### What to work on
What is needed is an exact copy of the lines in the listing below, from the one with "#5863 = AXIS2_PLACEMENT_3D" up to and including the one with "#6189 = DIRECTION", with no other lines.

### Source information
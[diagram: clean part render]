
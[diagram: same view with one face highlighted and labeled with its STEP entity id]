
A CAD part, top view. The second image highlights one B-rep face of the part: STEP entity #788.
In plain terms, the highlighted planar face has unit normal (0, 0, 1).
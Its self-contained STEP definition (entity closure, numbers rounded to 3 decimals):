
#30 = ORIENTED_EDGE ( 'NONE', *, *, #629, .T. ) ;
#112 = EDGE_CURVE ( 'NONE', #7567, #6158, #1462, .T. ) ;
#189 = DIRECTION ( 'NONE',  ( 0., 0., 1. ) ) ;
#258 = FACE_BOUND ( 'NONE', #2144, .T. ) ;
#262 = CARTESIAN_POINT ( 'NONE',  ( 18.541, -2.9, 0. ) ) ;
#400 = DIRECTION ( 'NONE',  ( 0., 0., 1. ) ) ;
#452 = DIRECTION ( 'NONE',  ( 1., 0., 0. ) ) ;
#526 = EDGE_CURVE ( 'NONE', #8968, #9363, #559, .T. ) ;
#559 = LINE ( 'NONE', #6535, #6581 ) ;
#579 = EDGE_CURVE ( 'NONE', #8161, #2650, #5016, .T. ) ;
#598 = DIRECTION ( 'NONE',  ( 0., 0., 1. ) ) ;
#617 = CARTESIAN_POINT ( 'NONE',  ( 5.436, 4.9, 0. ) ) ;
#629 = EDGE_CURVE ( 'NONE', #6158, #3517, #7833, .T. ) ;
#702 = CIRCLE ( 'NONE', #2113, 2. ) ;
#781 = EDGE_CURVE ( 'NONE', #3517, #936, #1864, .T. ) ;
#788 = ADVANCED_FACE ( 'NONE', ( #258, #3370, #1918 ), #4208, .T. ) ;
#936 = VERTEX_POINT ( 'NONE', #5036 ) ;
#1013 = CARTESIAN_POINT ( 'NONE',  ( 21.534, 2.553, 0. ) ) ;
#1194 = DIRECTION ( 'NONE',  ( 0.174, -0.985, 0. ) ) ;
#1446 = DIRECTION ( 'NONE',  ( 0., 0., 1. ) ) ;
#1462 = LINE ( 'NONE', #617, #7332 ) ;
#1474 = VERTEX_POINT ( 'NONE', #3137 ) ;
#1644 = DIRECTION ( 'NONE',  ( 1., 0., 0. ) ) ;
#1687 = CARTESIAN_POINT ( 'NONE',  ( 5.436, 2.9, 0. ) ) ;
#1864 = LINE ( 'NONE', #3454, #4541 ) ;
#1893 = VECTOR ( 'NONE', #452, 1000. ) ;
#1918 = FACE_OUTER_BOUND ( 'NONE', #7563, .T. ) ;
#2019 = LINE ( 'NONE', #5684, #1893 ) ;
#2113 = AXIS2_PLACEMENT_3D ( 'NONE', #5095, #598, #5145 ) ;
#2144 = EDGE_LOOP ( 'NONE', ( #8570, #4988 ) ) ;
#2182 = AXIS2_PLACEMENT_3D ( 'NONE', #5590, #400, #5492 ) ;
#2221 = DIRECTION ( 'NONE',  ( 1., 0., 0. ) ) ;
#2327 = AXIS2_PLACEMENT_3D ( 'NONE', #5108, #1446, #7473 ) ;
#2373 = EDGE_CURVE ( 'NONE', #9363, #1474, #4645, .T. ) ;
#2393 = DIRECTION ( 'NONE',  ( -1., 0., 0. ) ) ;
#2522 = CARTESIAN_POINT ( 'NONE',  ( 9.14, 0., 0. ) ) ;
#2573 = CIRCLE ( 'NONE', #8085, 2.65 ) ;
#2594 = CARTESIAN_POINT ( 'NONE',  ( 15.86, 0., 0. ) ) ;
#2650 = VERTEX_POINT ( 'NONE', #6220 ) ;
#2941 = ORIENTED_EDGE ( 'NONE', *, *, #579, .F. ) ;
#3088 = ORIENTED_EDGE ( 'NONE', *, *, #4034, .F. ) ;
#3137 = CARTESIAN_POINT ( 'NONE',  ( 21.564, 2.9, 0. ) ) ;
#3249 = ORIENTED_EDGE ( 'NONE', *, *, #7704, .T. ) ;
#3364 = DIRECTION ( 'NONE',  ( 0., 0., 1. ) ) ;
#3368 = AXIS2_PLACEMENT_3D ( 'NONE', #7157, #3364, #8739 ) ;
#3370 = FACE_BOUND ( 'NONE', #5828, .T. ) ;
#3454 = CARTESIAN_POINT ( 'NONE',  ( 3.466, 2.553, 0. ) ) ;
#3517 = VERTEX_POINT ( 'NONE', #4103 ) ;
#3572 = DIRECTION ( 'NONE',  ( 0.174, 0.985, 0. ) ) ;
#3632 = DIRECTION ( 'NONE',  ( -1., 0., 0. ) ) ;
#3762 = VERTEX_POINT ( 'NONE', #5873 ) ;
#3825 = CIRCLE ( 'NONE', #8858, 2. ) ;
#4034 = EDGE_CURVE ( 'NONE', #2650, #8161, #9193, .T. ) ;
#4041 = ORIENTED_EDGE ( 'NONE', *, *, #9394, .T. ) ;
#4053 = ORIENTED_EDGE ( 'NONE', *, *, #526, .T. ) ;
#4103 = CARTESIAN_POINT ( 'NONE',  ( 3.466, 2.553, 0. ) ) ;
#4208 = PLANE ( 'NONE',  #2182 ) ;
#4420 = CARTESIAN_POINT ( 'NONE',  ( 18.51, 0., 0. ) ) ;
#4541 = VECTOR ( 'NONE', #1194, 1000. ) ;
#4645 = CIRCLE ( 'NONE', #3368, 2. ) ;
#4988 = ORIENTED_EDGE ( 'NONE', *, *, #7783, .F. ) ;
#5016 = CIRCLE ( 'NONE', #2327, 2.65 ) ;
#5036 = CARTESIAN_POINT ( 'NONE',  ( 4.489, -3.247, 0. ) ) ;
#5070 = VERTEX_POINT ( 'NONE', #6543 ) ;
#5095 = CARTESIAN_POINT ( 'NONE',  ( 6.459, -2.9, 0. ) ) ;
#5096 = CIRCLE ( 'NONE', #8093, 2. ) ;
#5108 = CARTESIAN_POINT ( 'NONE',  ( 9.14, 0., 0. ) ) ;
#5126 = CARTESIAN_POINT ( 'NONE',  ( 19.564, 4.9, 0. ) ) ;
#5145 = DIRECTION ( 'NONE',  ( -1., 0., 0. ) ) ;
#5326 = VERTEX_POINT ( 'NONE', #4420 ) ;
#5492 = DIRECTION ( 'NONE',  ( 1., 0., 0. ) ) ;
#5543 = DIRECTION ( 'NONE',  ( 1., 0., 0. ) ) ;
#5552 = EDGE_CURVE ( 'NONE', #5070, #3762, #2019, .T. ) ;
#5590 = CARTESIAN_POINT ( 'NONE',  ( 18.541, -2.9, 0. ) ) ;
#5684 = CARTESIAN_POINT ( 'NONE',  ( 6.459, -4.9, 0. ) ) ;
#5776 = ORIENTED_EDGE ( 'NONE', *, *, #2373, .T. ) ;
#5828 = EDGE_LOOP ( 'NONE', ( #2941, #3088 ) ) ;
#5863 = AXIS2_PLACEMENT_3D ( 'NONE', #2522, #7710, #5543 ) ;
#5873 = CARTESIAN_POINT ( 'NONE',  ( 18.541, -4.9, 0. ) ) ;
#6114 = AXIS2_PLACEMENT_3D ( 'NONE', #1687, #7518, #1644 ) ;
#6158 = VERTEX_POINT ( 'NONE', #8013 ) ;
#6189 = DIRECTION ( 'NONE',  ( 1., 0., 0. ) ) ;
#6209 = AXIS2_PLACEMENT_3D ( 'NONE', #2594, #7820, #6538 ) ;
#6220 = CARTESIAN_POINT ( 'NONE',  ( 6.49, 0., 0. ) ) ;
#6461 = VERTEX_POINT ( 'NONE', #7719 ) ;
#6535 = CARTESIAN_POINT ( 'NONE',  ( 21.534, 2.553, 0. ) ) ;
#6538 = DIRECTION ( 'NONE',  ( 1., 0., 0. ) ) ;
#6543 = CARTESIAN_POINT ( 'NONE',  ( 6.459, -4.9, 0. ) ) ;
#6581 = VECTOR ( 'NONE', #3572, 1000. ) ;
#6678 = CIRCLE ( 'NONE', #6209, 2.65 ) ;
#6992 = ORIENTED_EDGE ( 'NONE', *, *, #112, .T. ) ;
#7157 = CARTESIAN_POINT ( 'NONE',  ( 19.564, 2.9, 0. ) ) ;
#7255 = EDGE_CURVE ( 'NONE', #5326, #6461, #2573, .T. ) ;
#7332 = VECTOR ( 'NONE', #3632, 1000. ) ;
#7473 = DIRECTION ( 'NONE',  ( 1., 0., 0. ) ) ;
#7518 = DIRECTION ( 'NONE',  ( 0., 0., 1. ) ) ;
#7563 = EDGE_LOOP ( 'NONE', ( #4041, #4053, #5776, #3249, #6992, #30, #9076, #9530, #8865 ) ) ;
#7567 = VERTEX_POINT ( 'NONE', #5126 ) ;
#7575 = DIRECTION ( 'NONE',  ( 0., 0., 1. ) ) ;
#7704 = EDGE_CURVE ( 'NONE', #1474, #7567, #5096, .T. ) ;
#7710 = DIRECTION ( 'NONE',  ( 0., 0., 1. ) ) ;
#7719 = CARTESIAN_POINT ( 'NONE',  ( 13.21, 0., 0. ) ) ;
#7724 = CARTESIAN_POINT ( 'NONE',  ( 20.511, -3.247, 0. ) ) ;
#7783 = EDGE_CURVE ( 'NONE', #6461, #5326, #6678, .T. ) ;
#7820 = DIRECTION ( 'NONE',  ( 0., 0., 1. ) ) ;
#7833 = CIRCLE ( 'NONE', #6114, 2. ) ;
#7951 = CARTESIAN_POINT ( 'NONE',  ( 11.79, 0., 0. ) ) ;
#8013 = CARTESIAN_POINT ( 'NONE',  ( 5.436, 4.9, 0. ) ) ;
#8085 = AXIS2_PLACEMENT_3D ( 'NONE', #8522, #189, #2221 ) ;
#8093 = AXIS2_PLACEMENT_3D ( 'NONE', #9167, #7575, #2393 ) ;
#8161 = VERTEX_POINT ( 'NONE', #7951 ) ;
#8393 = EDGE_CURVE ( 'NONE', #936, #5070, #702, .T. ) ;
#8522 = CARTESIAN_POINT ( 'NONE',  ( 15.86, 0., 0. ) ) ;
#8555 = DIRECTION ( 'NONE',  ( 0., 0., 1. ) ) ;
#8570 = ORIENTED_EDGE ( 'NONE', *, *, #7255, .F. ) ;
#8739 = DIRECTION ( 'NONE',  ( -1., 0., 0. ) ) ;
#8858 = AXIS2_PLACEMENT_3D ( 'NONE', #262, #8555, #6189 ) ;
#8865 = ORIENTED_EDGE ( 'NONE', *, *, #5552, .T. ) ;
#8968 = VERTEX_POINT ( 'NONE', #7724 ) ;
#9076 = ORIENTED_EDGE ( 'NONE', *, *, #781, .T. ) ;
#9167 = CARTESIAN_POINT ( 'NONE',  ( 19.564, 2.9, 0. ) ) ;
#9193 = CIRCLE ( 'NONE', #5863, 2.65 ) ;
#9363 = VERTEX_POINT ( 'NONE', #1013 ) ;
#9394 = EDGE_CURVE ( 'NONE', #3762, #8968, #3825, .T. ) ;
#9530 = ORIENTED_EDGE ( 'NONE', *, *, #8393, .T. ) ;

### Completed task
#5863 = AXIS2_PLACEMENT_3D ( 'NONE', #2522, #7710, #5543 ) ;
#5873 = CARTESIAN_POINT ( 'NONE',  ( 18.541, -4.9, 0. ) ) ;
#6114 = AXIS2_PLACEMENT_3D ( 'NONE', #1687, #7518, #1644 ) ;
#6158 = VERTEX_POINT ( 'NONE', #8013 ) ;
#6189 = DIRECTION ( 'NONE',  ( 1., 0., 0. ) ) ;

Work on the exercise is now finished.